Carlo Catassi (born 19 April 1953) is an Italian pediatric gastroenterologist and epidemiologist. He is a professor at the Università Politecnica delle Marche in Ancona, Italy, where he leads the Department of Pediatrics and directs the Pediatric Residency Program. He is also a visiting scientist at Massachusetts General Hospital in Boston, United States.

==Career==
Catassi has held a full professorship at the Università Politecnica delle Marche since 1993. From 2013 to 2016, he served as president of the Italian Society of Pediatric Gastroenterology, Hepatology and Nutrition (SIGENP).

In the 1990s, he coordinated a multicenter screening in Italy that helped shape the "celiac iceberg" model, illustrating how many individuals with celiac disease remain undiagnosed.
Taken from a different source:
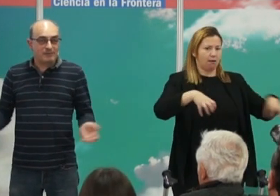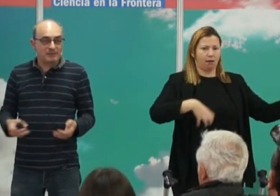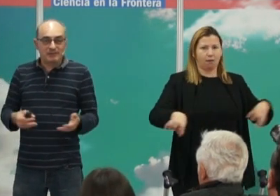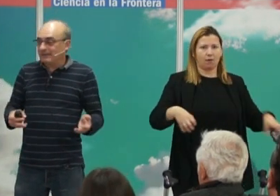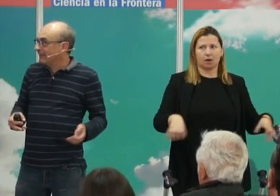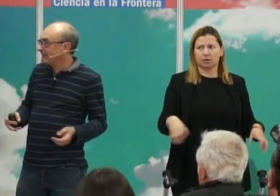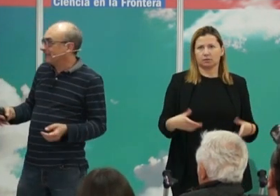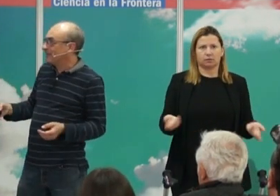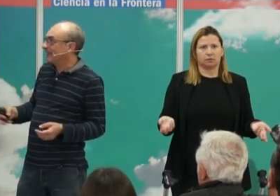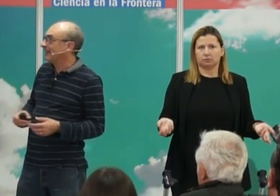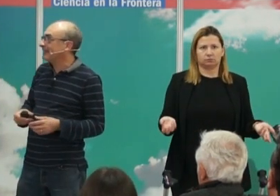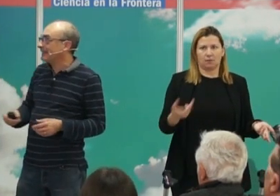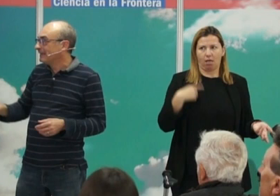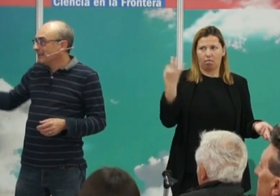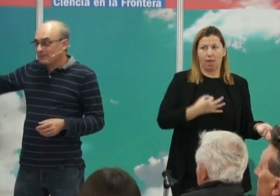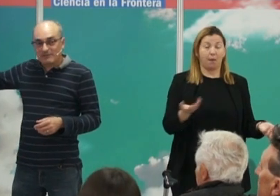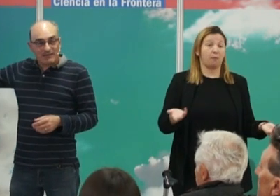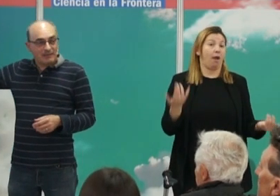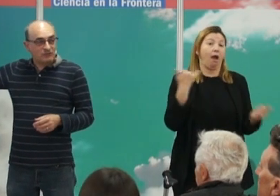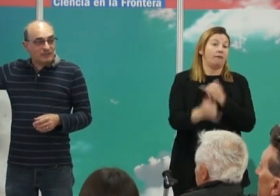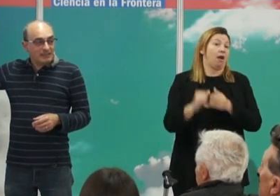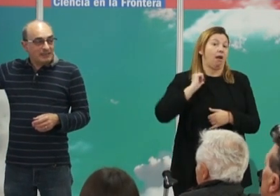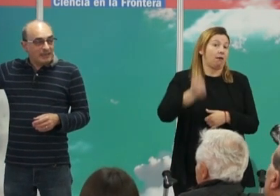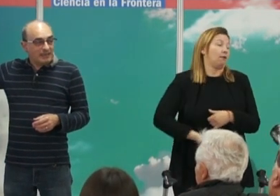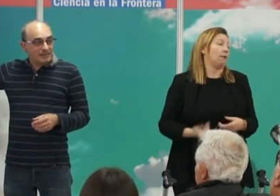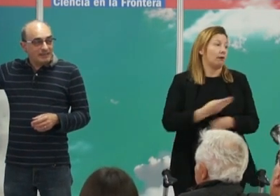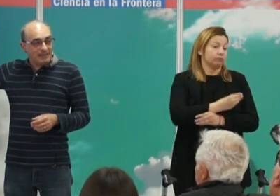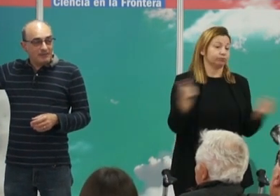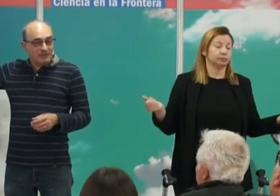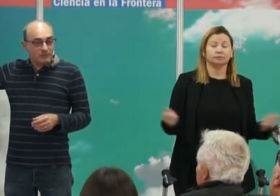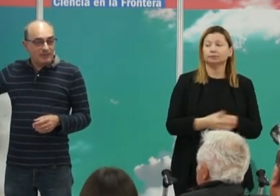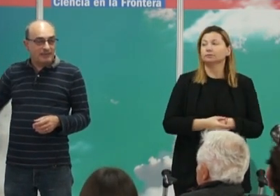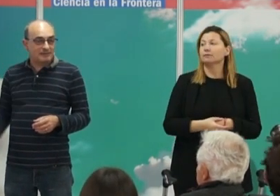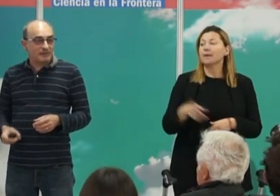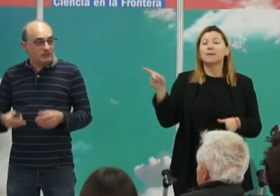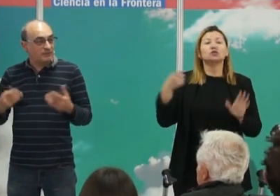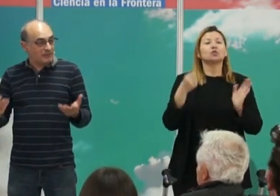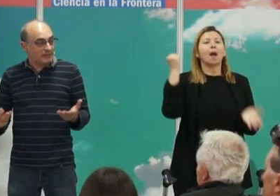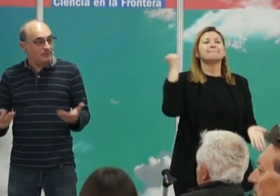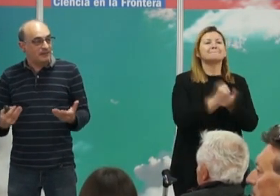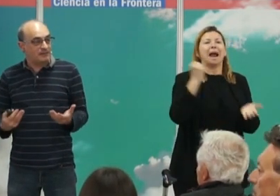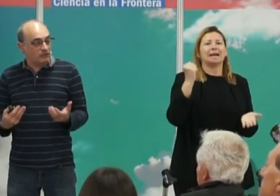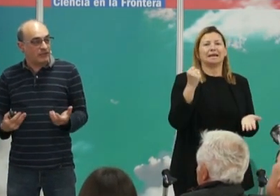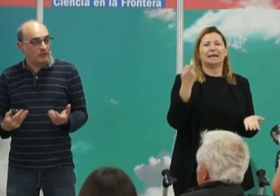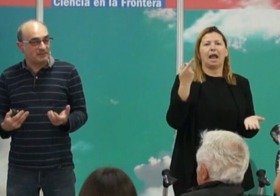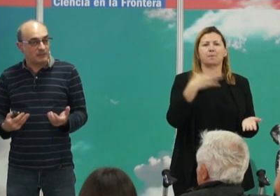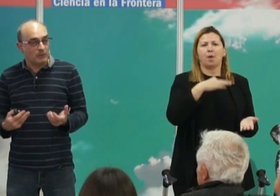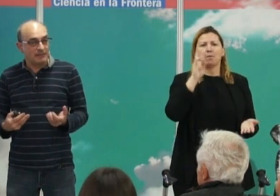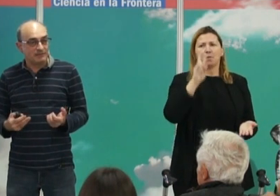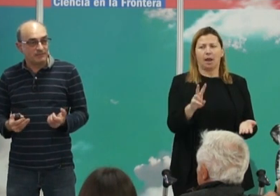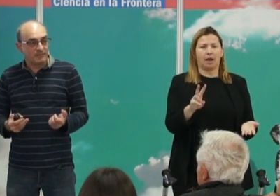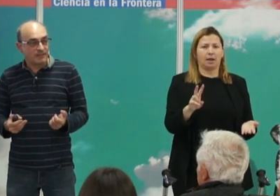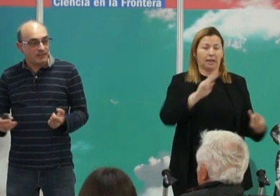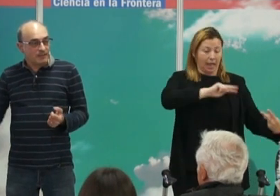generación pues al final desaparece la riqueza pero fijaos que dejan unas huellas que son discernibles en los genomas

He later led one of the first population-based screening studies in the United States, which estimated the disease affects roughly 1% of the population.

His research extended globally, including studies in Brazil and Middle Eastern populations, where he contributed to early data on disease prevalence.

==Research==
Catassi’s research focuses on the epidemiology and clinical management of gluten-related disorders. He conducted one of the first clinical trials to determine how much gluten can safely be tolerated by individuals with celiac disease. These results helped set the international regulatory limit of 20 ppm for gluten-free products.

He has also examined high-prevalence populations, including the Saharawi people, among whom celiac disease rates were observed to be around 6%.

In collaboration with international experts, Catassi co-developed the Salerno criteria for diagnosing non-celiac gluten sensitivity (NCGS), aiming to improve diagnostic consistency.

His studies also examined environmental triggers of celiac disease in children, showing that neither the timing of gluten introduction nor breastfeeding significantly impacts disease risk.

==Selected publications==
- Catassi C, et al. "Detection of Celiac Disease in Primary Care: A Multicenter Case-Finding Study in North America." The American Journal of Gastroenterology, 2007. .
- Catassi C, et al. "A prospective, double-blind, placebo-controlled trial to establish a safe gluten threshold..." The American Journal of Clinical Nutrition, 2007. .
- Catassi C, et al. "Diagnosis of Non-Celiac Gluten Sensitivity (NCGS): The Salerno Experts' Criteria." Nutrients, 2015. .

==Personal life==
Catassi is married to Dr. Eleonora Bove, a lawyer. They have two children.